The problems is that scholars have used notations that embody assumptions not only of attested phonogram usage, which is more or less certain, but also of reconstructions, which come and go. For a long time, it was assumed without proof that type C would be phonetically equivalent to type A, reducing the 11 attested classes to 8; what’s more, many scholars assumed that the syllables were all of the CV form, meaning the A/B distinction must be purely vocalic. These assumptions framed the famous “eight-vowel system” of OJ, and were embodied in a number of notations. While an 8-vowel reconstruction is in principle possible, there is no strong evidence, and many recent scholars dispute it. Kiyose has a list of “pro-eight vowels” and “anti-eight vowels” reconstructions; most of the anti-8 camp posit that some of the distinctions were realized as glides ([y] or [w]). C-type rhymes could in principle have an entirely distinct phonetic realization, though Miyake’s analysis show that the textual evidence makes it unlikely (they employ phonograms that fall in the same classes as A and B; see p. 263–264)—but one should not simply assume this without arguments.

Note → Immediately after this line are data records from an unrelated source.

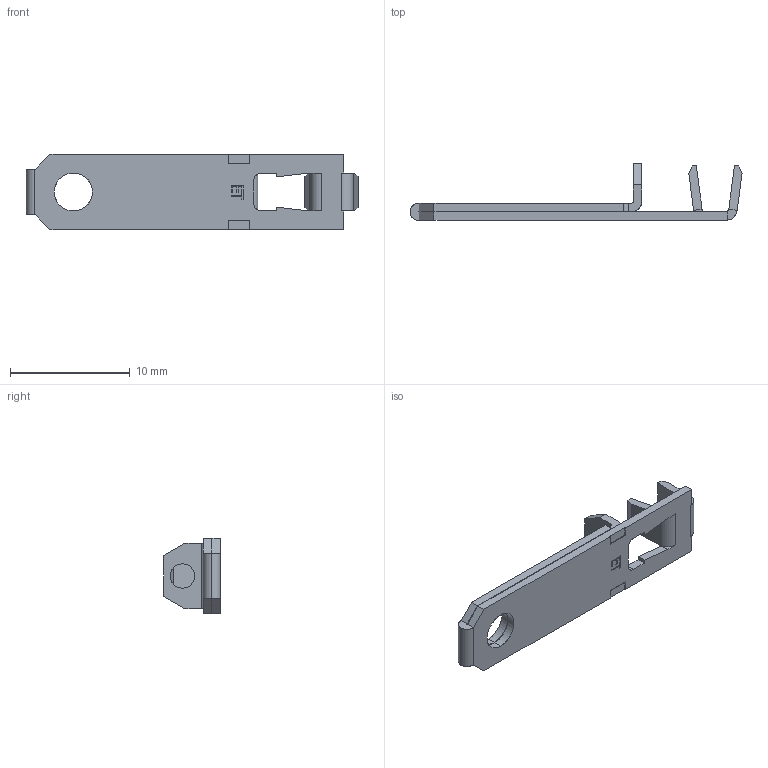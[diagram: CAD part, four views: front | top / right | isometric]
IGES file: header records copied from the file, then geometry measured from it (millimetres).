
Start section: SolidWorks IGES file using analytic representation for surfaces
Global section: file name: 14132.IGS; native system: SolidWorks 2014; preprocessor: SolidWorks 2014; author: sjohnson; date: 150223.134854; units: inch
Bounding box: 27.76 x 4.75 x 6.3 mm (x, y, z)
Surface area: 690.1 mm2 (no closed solid volume)
Topology: 0 solids, 0 shells, 119 faces, 900 edges, 900 vertices
Faces by surface type: bspline 99, revolution 20

Which the caveats in mind, I can finally try to sort out the various OJ romanizations I’ve stumbled upon:

Superscript, latin Superscript, Japanese Yale (Martin) Japanese-style Miller; Ohno Modified Mathias-Miller Frellesvig & Whitman
a, aC a, a a a a a a
iA i yi i i î i
iB i iy ï ï ï wi
i, iC i, i i i i i i
u, uC u, u u u u u u
eA e ye e e ê ye
eB e ey ɜ ë ë e
e, eC e, e e e e e e
oA o wo o o ô wo
oB o o ö ö ö o
o, oC o, o o o o o o

Miller is given on its p. 180 as a minor revision of Japanese-style by changing ɜ to ë; both of them assume C-type = A-type. The umlaut originally denoted vowel centrality, but central/peripheral reconstructions are more or less discredited by now (I think?). Miyake prefers Yale romanization for its neutrality, but personally I dislike it for being misleading—one has to keep in mind at all times that the ey, ye, iy, yi, wo and o don’t mean or suggest a phonetic realization like [ey], [ye], etc., but are purely abstract, algebraic symbols. I also find it typographically hideous, what’s with the underlined o and all the extra ys. Modified Mathias-Miller, adding a circumflex diacritic to Series-A, seems a more reasonable neutral transcription (as long as you know that the circumflex doesn’t denote a long vowel). Frellesvig & Whitman’s is listed for convenience, but it’s not a pure transcription; by my criteria, it steps into reconstruction territory (the authors call it a “phonemic interpretation”). F&W proposes iC=iA, eC=eB, and oC=oB; its “y” and “w” represent actual glides in pronunciation and are not just an abstract notation as in Yale.


  • Marc Hideo Miyake, Old Japanese: A phonetic reconstruction.
  • Roy Andrew Miller, The Japanese Language.
  • John R. Bentley, The Origin of Man’yôgana.
  • Kiyose, Gisaburô. Japanese Linguistics and Altaic Linguistics. Tokyo: Meiji shoin. (apud Miyake).
  • Frellesvig & Whitman. The Oxford Corpus of Old Japanese.